The Electric Breast Pumps are single-user, powered breast pumps intended to express and collect milk from the breasts of lactating women.

The subject devices are intended to be used by lactating women to express and collect milk from their breasts. The devices are intended for a single user in the home environment or hospital setting. When properly connected, the pumping kit transfers the vacuum generated by the powered pump to the breast, enabling expression and collection of milk. A diaphragm in the backflow protection assembly physically isolates pump and tubing from the space where milk is expressed and collected, protecting the breast milk from contamination.

The Electric Breast Pumps contain 4 models, YY-A203, YY-A204 and YY-TC201. The YY-A46 model operates in single pumping mode only; models YY-A203, YY-A204 and YY-TC201 can be operated in single or double pumping modes. Models YY-A203 and YY-A204 have an LED panel and model YY-TC201 has an LCD panel to display working mode, cycle, timer, battery level, and Bluetooth symbol to user. While YY-A46 has an LED indicator to indicate the working status of the device, models YY-A46, YY-A203, and YY-A204 can be wirelessly operated via Bluetooth connection to a smart device. Users can select the working mode, adjust the suction level and cycle speed, and start or pause the device from a smart device. Model YY-TC201 can only be operated on the pump unit itself. All models have massage and expression mode and have a maximum working time of 30 minutes.
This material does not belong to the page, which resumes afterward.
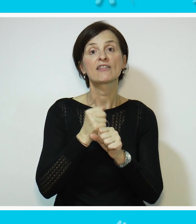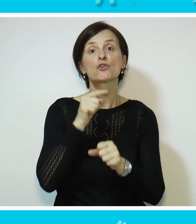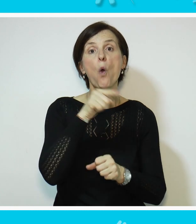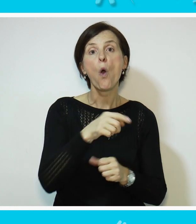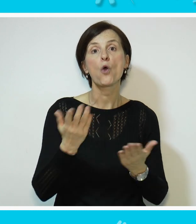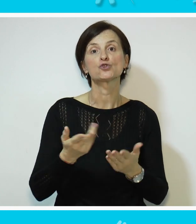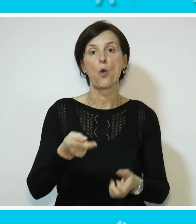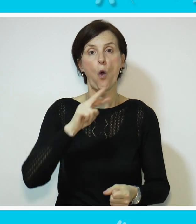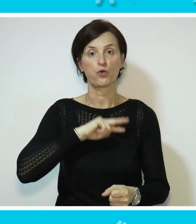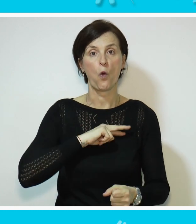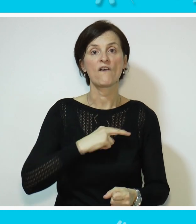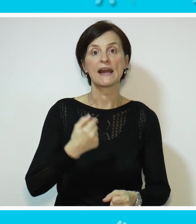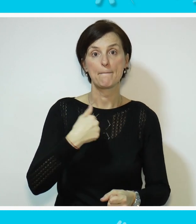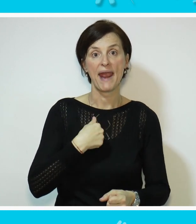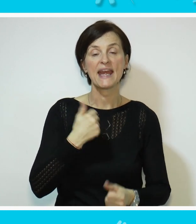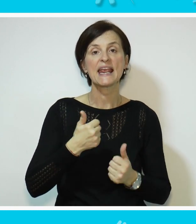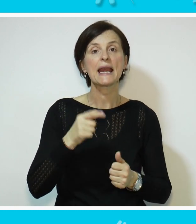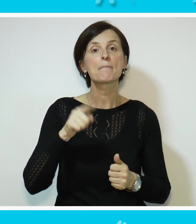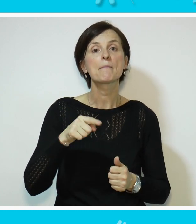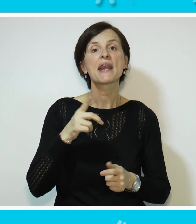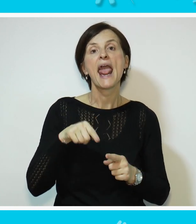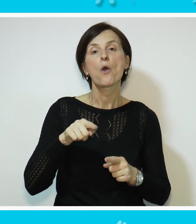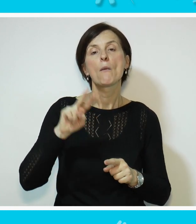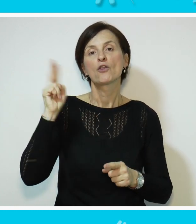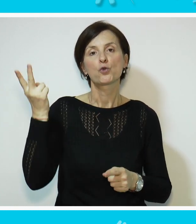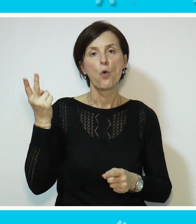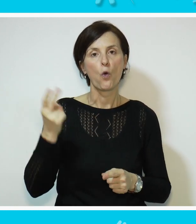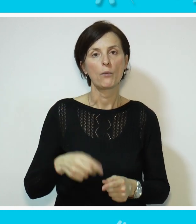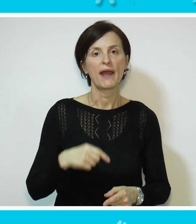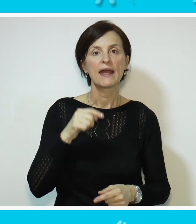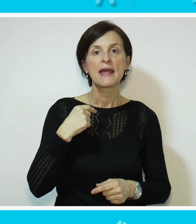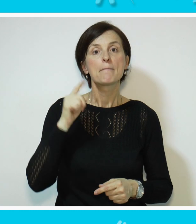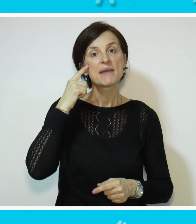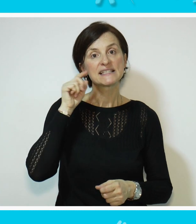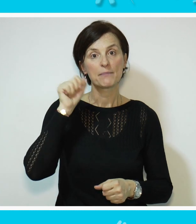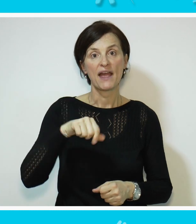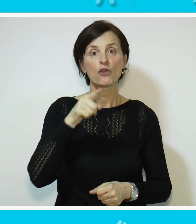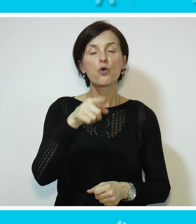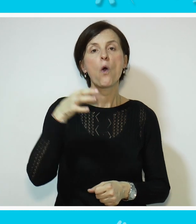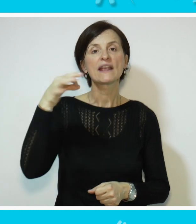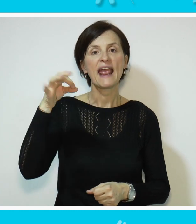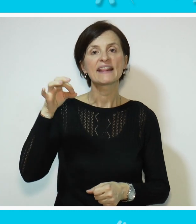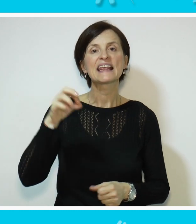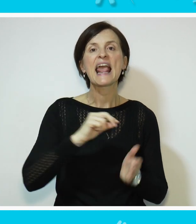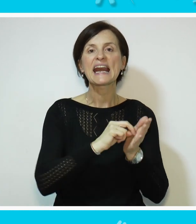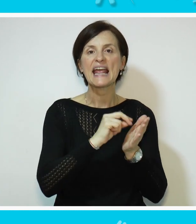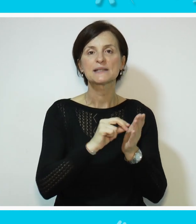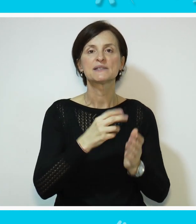samo raditi ono što odgovara. Meni ili bilo kome. Mislim da je to jedini

The provided document is an FDA 510(k) clearance letter for Electric Breast Pumps. It details the device description, indications for use, comparison to a predicate device, and a summary of non-clinical performance testing.

However, the document does not contain information related to acceptance criteria or a study proving that the device meets those criteria, specifically concerning AI device performance. The sections discussed are typical for a breast pump's safety and performance (electrical safety, EMC, software validation, biocompatibility, vacuum/cycle performance, backflow protection, use life, battery performance) rather than AI-related metrics like accuracy, sensitivity, or specificity.

Therefore, I cannot answer the requested questions using the provided text as it does not describe an AI medical device or its performance criteria and study. The prompt asks for information pertaining to AI model validation, such as:

1. A table of acceptance criteria and reported device performance: Not present in the document for AI performance.
2. Sample size and data provenance for test set: Not present for AI device testing.
3. Number of experts and qualifications for ground truth: Not present.
4. Adjudication method: Not present.
5. MRMC comparative effectiveness study and effect size: Not present.
6. Standalone AI performance: Not present.
7. Type of ground truth used: Not present for AI evaluation.
8. Sample size for training set (AI): Not present.
9. How ground truth for training set was established (AI): Not present.

The document focuses on the hardware and basic functional performance of an electric breast pump, not an AI component.